Beginning with the first line below, retype exactly each line through the one containing "41H225.46C229.78 41 233.281". Leave out all pictures.
(Material to process)
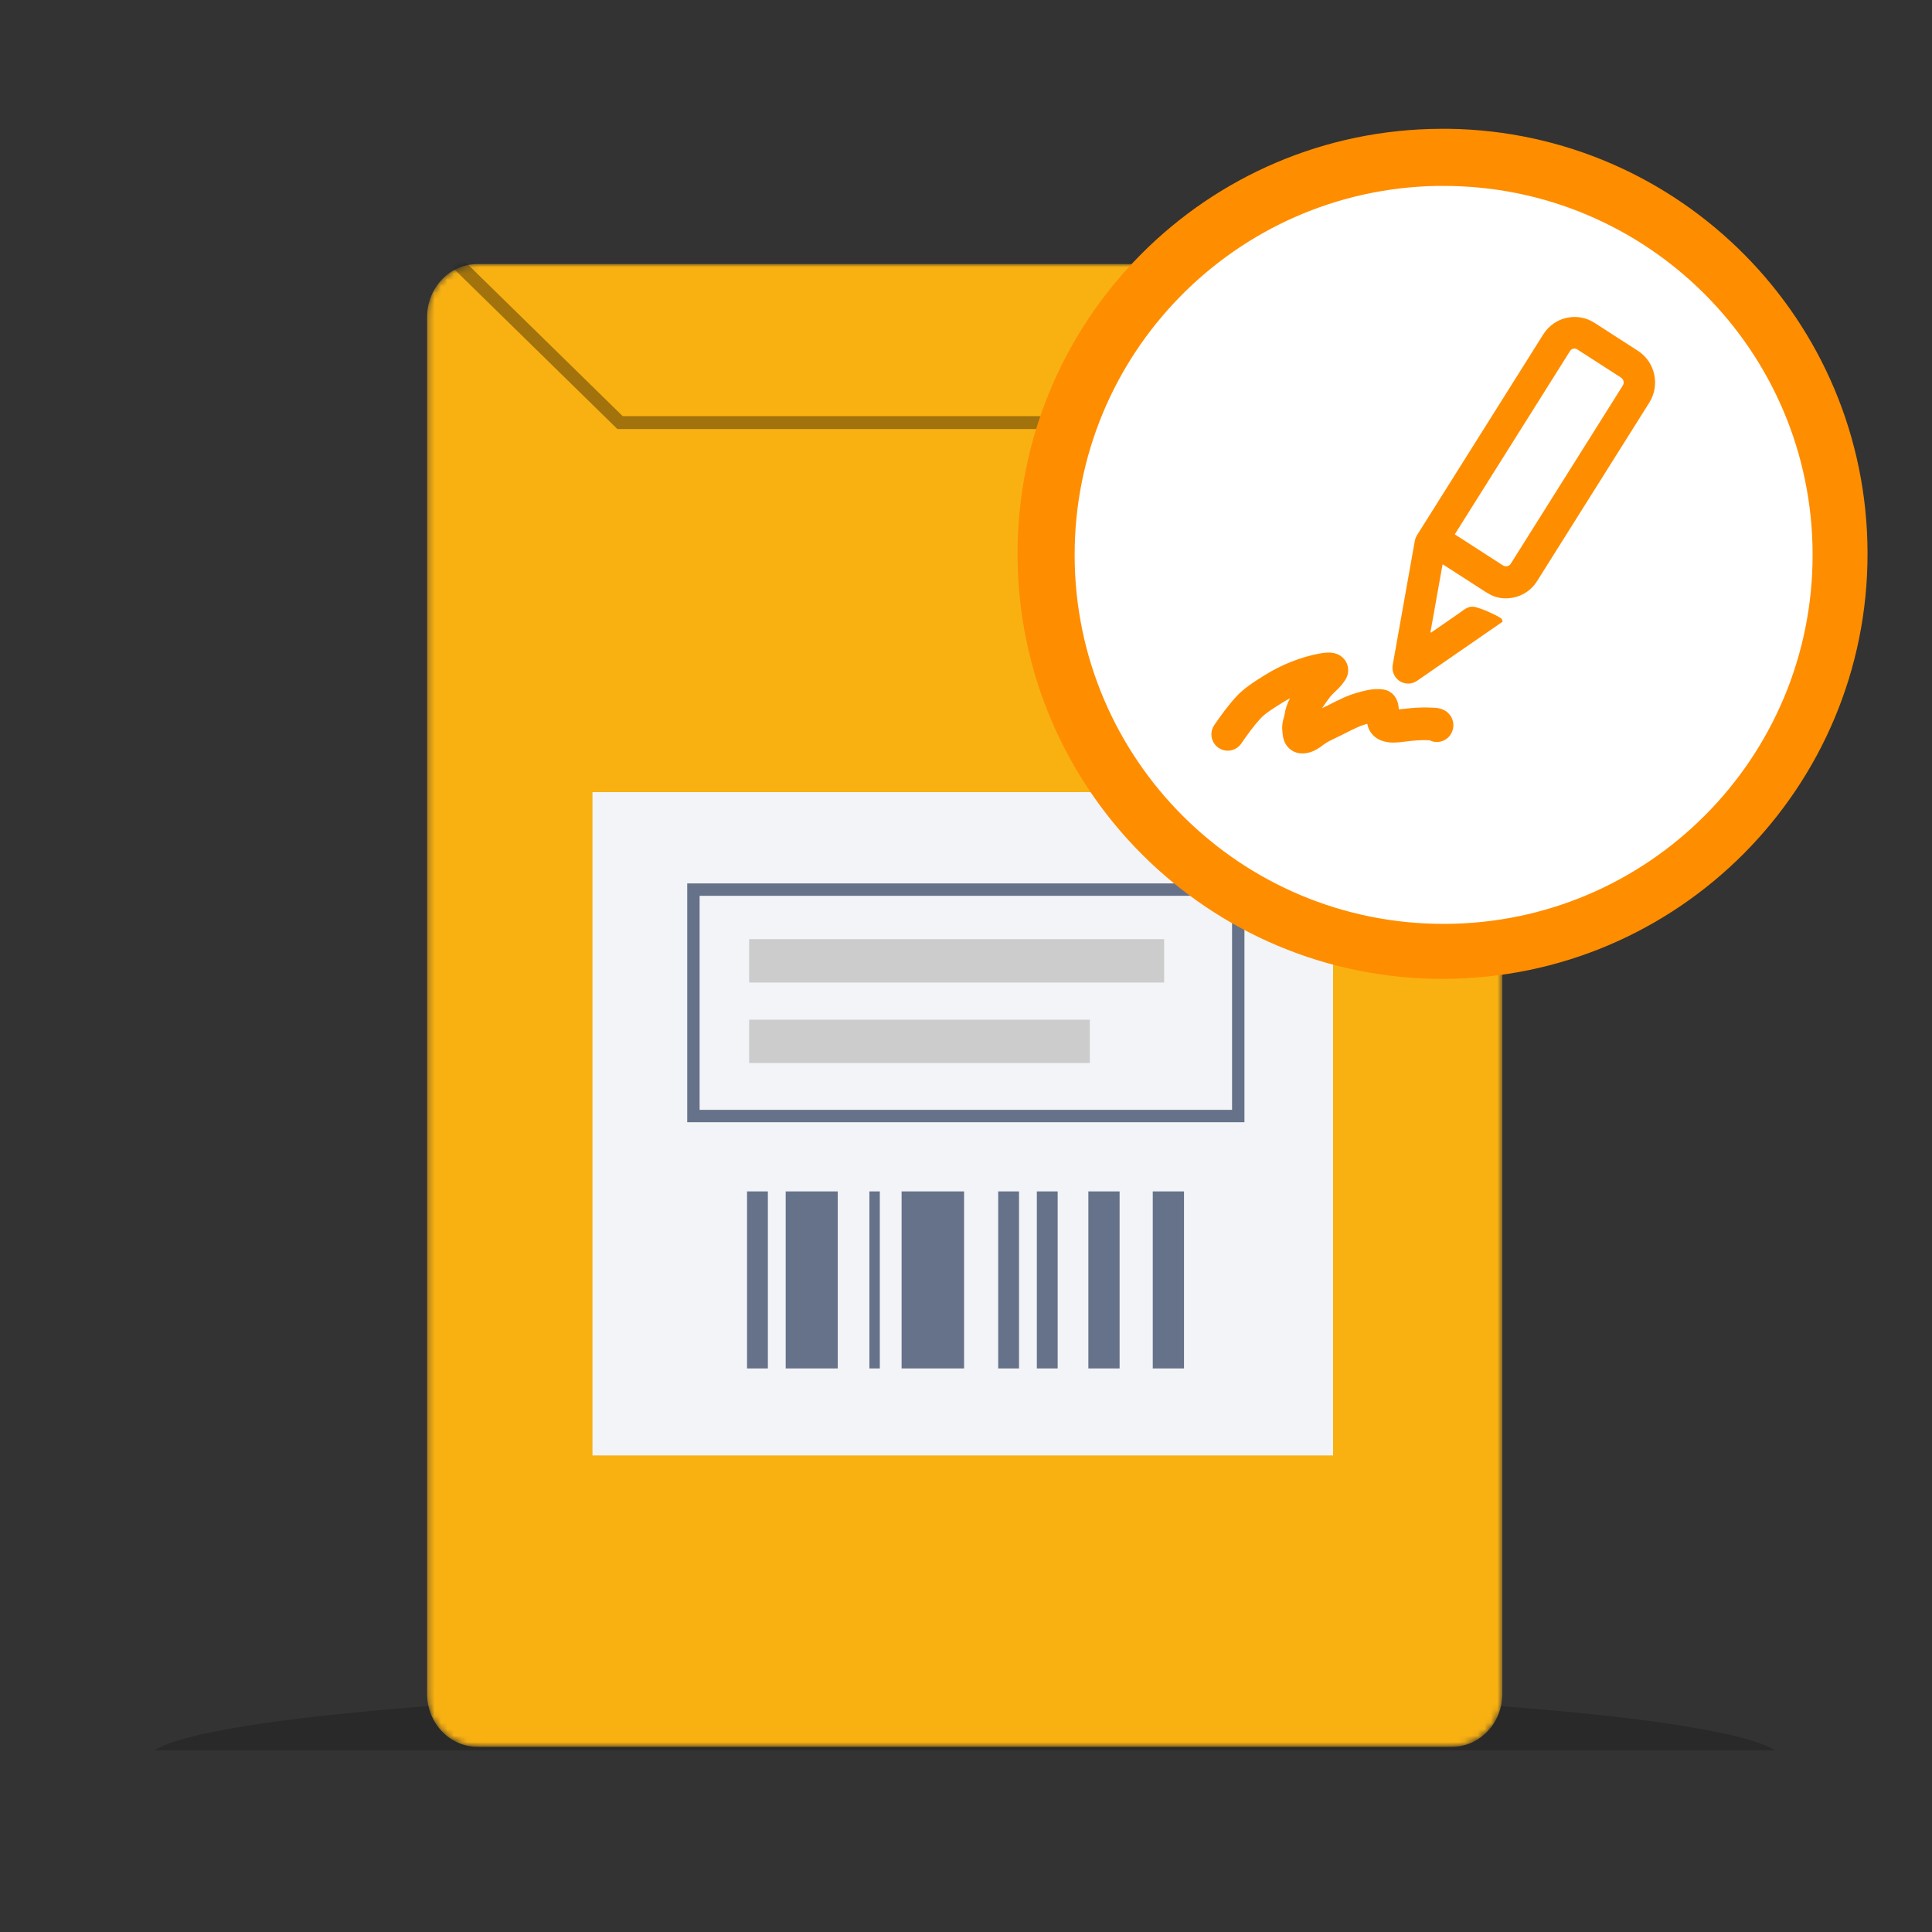 <svg width="300" height="300" viewBox="0 0 300 300" fill="none" xmlns="http://www.w3.org/2000/svg">
<rect x="0" y="0" width="300" height="300" fill="#333333" stroke="none"/>
<path fill-rule="evenodd" clip-rule="evenodd" d="M275.588 271.782C267.074 266.373 214.017 262.208 149.795 262.208C85.571 262.208 32.514 266.373 24 271.782H275.588Z" fill="black" fill-opacity="0.2" style="mix-blend-mode:multiply"/>
<mask id="mask0_15661_16027" style="mask-type:alpha" maskUnits="userSpaceOnUse" x="66" y="41" width="168" height="231">
<path d="M66.318 49.041C66.318 44.6 69.918 41 74.359 41H225.241C229.682 41 233.281 44.6 233.281 49.041V263.207C233.281 267.648 229.682 271.248 225.241 271.248H74.359C69.918 271.248 66.318 267.648 66.318 263.207V49.041Z" fill="black"/>
</mask>
<g mask="url(#mask0_15661_16027)">
<path fill-rule="evenodd" clip-rule="evenodd" d="M74.14 41H225.46C229.78 41 233.281 44.687 233.281 49.234V263.014C233.281 267.562 229.78 271.248 225.46 271.248H74.14C69.82 271.248 66.318 267.562 66.318 263.014V49.234C66.318 44.687 69.82 41 74.14 41Z" fill="#F9B112"/>
<path fill-rule="evenodd" clip-rule="evenodd" d="M69.461 40.756L70.868 39.32L96.691 64.616H207.952L231 39.361L232.485 40.716L208.839 66.626H95.87L69.461 40.756Z" fill="black" fill-opacity="0.35"/>
</g>
<path fill-rule="evenodd" clip-rule="evenodd" d="M92 226H207V123H92V226Z" fill="#F3F4F7"/>
<path fill-rule="evenodd" clip-rule="evenodd" d="M179 212.489H183.851V185H179V212.489Z" fill="#66728A"/>
<path fill-rule="evenodd" clip-rule="evenodd" d="M122 212.489H130.085V185H122V212.489Z" fill="#66728A"/>
<path fill-rule="evenodd" clip-rule="evenodd" d="M140 212.489H149.702V185H140V212.489Z" fill="#66728A"/>
<path fill-rule="evenodd" clip-rule="evenodd" d="M169 212.489H173.851V185H169V212.489Z" fill="#66728A"/>
<path fill-rule="evenodd" clip-rule="evenodd" d="M135 212.489H136.617V185H135V212.489Z" fill="#66728A"/>
<path fill-rule="evenodd" clip-rule="evenodd" d="M161 212.489H164.234V185H161V212.489Z" fill="#66728A"/>
<path fill-rule="evenodd" clip-rule="evenodd" d="M155 212.489H158.234V185H155V212.489Z" fill="#66728A"/>
<path fill-rule="evenodd" clip-rule="evenodd" d="M116 212.489H119.234V185H116V212.489Z" fill="#66728A"/>
<path fill-rule="evenodd" clip-rule="evenodd" d="M106.712 137.177H193.237V174.259H106.712V137.177ZM108.636 172.336H191.314V139.101H108.636V172.336Z" fill="#66728A"/>
<path fill-rule="evenodd" clip-rule="evenodd" d="M116.33 165.069H169.228V158.336H116.33V165.069Z" fill="#CCCCCC"/>
<path fill-rule="evenodd" clip-rule="evenodd" d="M116.33 152.566H180.769V145.833H116.33V152.566Z" fill="#CCCCCC"/>
<path fill-rule="evenodd" clip-rule="evenodd" d="M285.73 85.94C285.81 119.99 258.27 147.65 224.23 147.73C190.18 147.81 162.52 120.27 162.44 86.23C162.36 52.18 189.9 24.52 223.94 24.44C257.99 24.36 285.65 51.9 285.73 85.94Z" fill="white"/>
<path fill-rule="evenodd" clip-rule="evenodd" d="M158 86.16C157.91 49.71 187.39 20.09 223.84 20H224.93C260.88 20.5 289.91 49.76 289.99 85.84C290.08 122.29 260.6 151.91 224.15 152C187.71 152.09 158.09 122.61 158 86.16ZM281.46 86.03C281.39 54.39 255.67 28.79 224.03 28.87H223.08C191.87 29.46 166.79 54.98 166.87 86.3C166.94 117.94 192.66 143.54 224.3 143.46C255.94 143.39 281.54 117.67 281.46 86.03Z" fill="#FF8D00"/>
<path fill-rule="evenodd" clip-rule="evenodd" d="M225.934 82.911C225.913 82.946 225.923 82.99 225.955 83.012L233.38 87.795C233.79 88.06 234.339 87.935 234.601 87.52L251.983 59.873C252.245 59.456 252.123 58.9 251.712 58.635L244.916 54.253C244.537 54.009 244.035 54.123 243.793 54.507L225.934 82.911ZM216.261 103.24L219.689 84.002C219.748 83.678 219.868 83.368 220.042 83.09L239.641 51.918C241.349 49.201 244.911 48.401 247.595 50.131L254.333 54.471C257.017 56.203 257.807 59.808 256.098 62.526L238.675 90.237C237.545 92.035 235.549 93.067 233.311 92.891C232.377 92.819 231.491 92.435 230.701 91.925L224.093 87.668C224.05 87.64 223.993 87.665 223.985 87.716L222.125 98.145C222.113 98.208 222.193 98.247 222.245 98.211C225.337 96.074 224.113 96.921 226.464 95.294C227.265 94.741 227.946 94.089 228.829 94.214C230.006 94.381 232.967 95.808 233.154 96.084C233.235 96.206 233.38 96.494 233.268 96.572C222.307 104.148 232.147 97.345 220.036 105.719C219.621 106.004 219.141 106.148 218.66 106.148C217.14 106.148 215.992 104.749 216.261 103.24ZM200.308 108.432C199.896 108.651 199.494 108.882 199.107 109.123C197.701 109.999 196.457 110.775 195.712 111.589C194.641 112.76 193.723 114.026 192.737 115.463C191.945 116.618 190.365 116.913 189.21 116.12C188.054 115.328 187.76 113.748 188.552 112.593C189.57 111.109 190.65 109.604 191.969 108.163C193.203 106.815 194.985 105.71 196.183 104.966C196.266 104.914 196.347 104.864 196.424 104.816C198.954 103.24 202.018 101.985 205.042 101.455C205.191 101.429 205.803 101.323 206.392 101.333C206.554 101.336 206.775 101.347 207.019 101.391C207.232 101.429 207.647 101.522 208.079 101.792C208.567 102.097 209.185 102.714 209.321 103.699C209.441 104.571 209.108 105.234 208.915 105.543C208.437 106.313 207.836 106.901 207.432 107.291C207.388 107.333 207.347 107.372 207.308 107.41C206.918 107.786 206.711 107.985 206.541 108.21C206.074 108.827 205.653 109.4 205.291 109.964C205.388 109.917 205.482 109.873 205.572 109.83C205.801 109.721 206.006 109.624 206.178 109.538C206.322 109.465 206.475 109.388 206.634 109.307C207.75 108.74 209.211 107.998 210.671 107.586C210.706 107.576 210.743 107.566 210.781 107.555C211.206 107.434 211.809 107.264 212.428 107.148C213.088 107.024 213.98 106.918 214.901 107.082C216.274 107.326 216.789 108.458 216.87 108.636L216.872 108.64C217.028 108.982 217.097 109.307 217.13 109.482C217.172 109.705 217.201 109.942 217.221 110.16C217.231 110.158 217.241 110.157 217.251 110.156C217.33 110.145 217.414 110.135 217.514 110.123C218.938 109.952 220.503 109.782 222.184 109.881C222.171 109.88 222.127 109.878 222.367 109.882C222.514 109.885 222.746 109.892 222.989 109.917L222.998 109.918C223.154 109.933 223.673 109.986 224.185 110.239C224.43 110.359 225.141 110.749 225.497 111.648C225.925 112.726 225.525 113.655 225.211 114.113C224.487 115.168 223.106 115.505 221.992 114.951C221.952 114.95 221.915 114.948 221.887 114.947C220.7 114.877 219.532 114.991 218.118 115.161C218.085 115.165 218.042 115.17 217.99 115.177C217.63 115.225 216.838 115.33 216.097 115.301C215.659 115.284 215.047 115.219 214.429 114.968C213.773 114.703 212.983 114.168 212.546 113.182C212.446 112.958 212.394 112.76 212.367 112.646C212.345 112.555 212.329 112.469 212.316 112.394C212.252 112.412 212.187 112.43 212.121 112.449C212.097 112.456 212.073 112.463 212.048 112.47C211.102 112.736 210.128 113.228 208.958 113.819C208.794 113.902 208.625 113.987 208.452 114.074C208.067 114.267 207.726 114.43 207.417 114.577C206.661 114.938 206.099 115.206 205.573 115.592C205.549 115.61 205.518 115.634 205.48 115.662C205.262 115.826 204.839 116.145 204.407 116.386C203.87 116.686 202.999 117.065 201.921 116.977C200.957 116.898 200.23 116.376 199.793 115.769C199.426 115.258 199.294 114.735 199.238 114.463C199.176 114.162 199.154 113.883 199.143 113.733C199.127 113.515 199.129 113.526 199.129 113.532C199.019 112.707 199.2 111.985 199.293 111.629C199.32 111.529 199.346 111.433 199.368 111.357L199.369 111.353C199.391 111.274 199.408 111.215 199.423 111.159C199.452 111.048 199.458 111.011 199.458 111.01C199.458 111.01 199.458 111.01 199.458 111.011C199.593 110.038 199.902 109.201 200.308 108.432ZM222.471 114.964C222.518 114.969 222.508 114.972 222.456 114.963C222.462 114.963 222.467 114.964 222.471 114.964Z" fill="#FF8D00"/>
</svg>
(End Material to process)
Response to this task:
 <svg width="300" height="300" viewBox="0 0 300 300" fill="none" xmlns="http://www.w3.org/2000/svg">
<rect x="0" y="0" width="300" height="300" fill="#333333" stroke="none"/>
<path fill-rule="evenodd" clip-rule="evenodd" d="M275.588 271.782C267.074 266.373 214.017 262.208 149.795 262.208C85.571 262.208 32.514 266.373 24 271.782H275.588Z" fill="black" fill-opacity="0.2" style="mix-blend-mode:multiply"/>
<mask id="mask0_15661_16027" style="mask-type:alpha" maskUnits="userSpaceOnUse" x="66" y="41" width="168" height="231">
<path d="M66.318 49.041C66.318 44.6 69.918 41 74.359 41H225.241C229.682 41 233.281 44.6 233.281 49.041V263.207C233.281 267.648 229.682 271.248 225.241 271.248H74.359C69.918 271.248 66.318 267.648 66.318 263.207V49.041Z" fill="black"/>
</mask>
<g mask="url(#mask0_15661_16027)">
<path fill-rule="evenodd" clip-rule="evenodd" d="M74.14 41H225.46C229.78 41 233.281 44.687 233.281 49.234V263.014C233.281 267.562 229.78 271.248 225.46 271.248H74.14C69.82 271.248 66.318 267.562 66.318 263.014V49.234C66.318 44.687 69.82 41 74.14 41Z" fill="#F9B112"/>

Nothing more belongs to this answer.